# [What is required]
Exact transcription with no images: write out all of the entries below.

(Records excerpted from a collection)
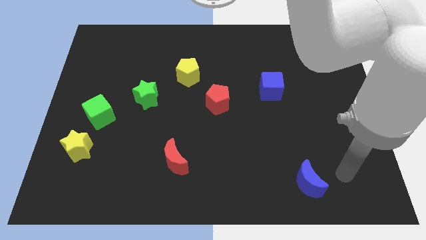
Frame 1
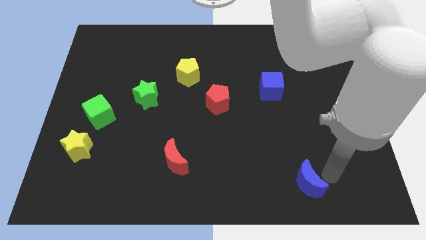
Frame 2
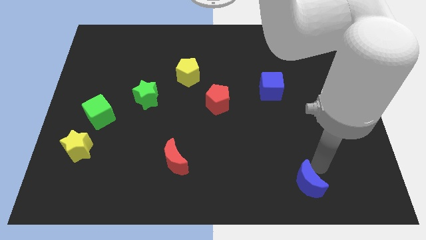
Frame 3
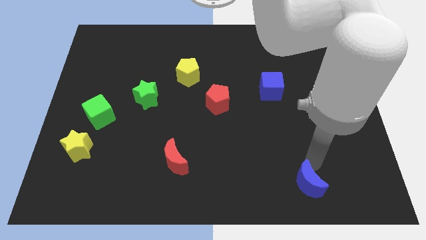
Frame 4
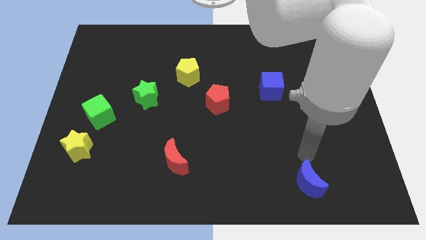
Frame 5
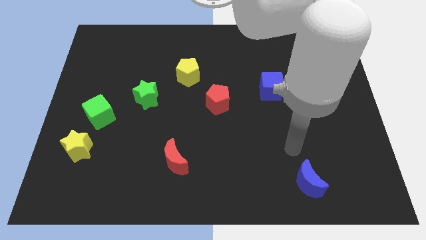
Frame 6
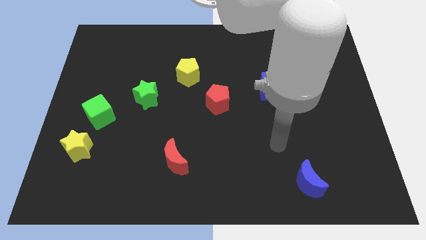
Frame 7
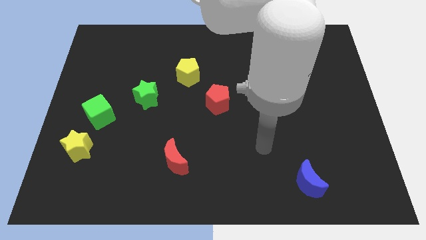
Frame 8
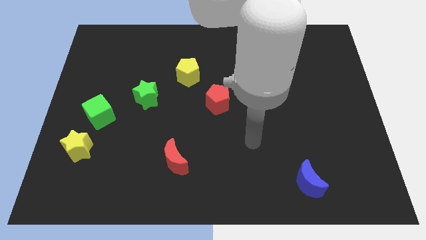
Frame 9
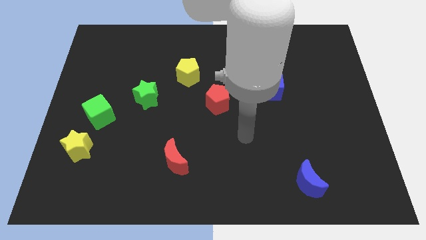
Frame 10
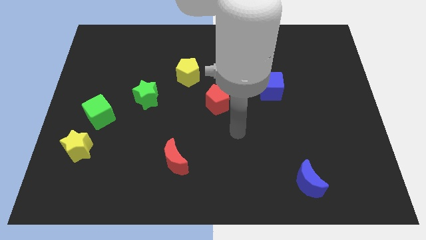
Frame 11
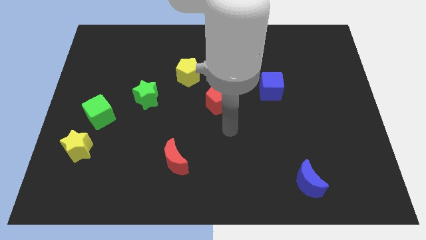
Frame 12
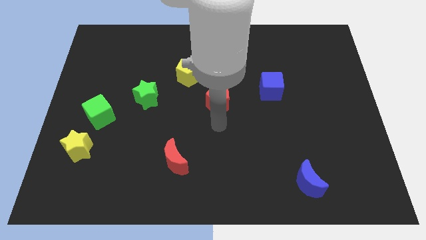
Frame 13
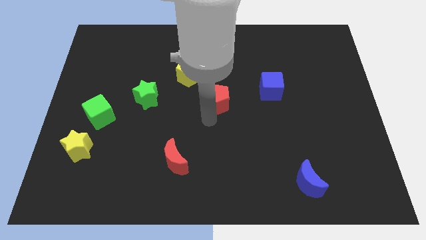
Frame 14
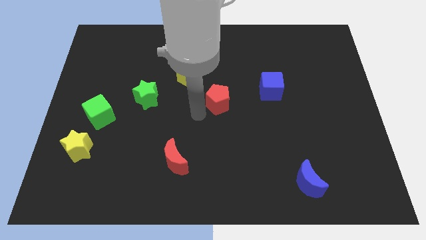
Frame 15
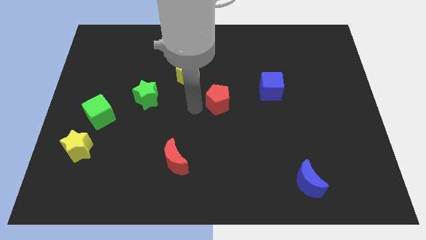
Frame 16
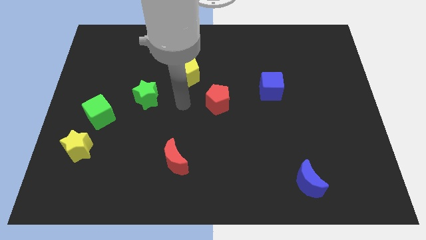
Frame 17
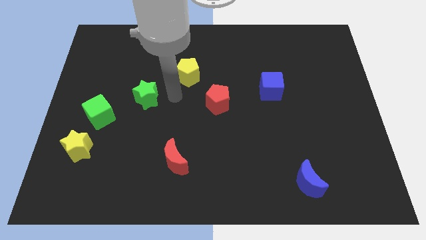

# [Answer box]
Frame 1
Frame 2
Frame 3
Frame 4
Frame 5
Frame 6
Frame 7
Frame 8
Frame 9
Frame 10
Frame 11
Frame 12
Frame 13
Frame 14
Frame 15
Frame 16
Frame 17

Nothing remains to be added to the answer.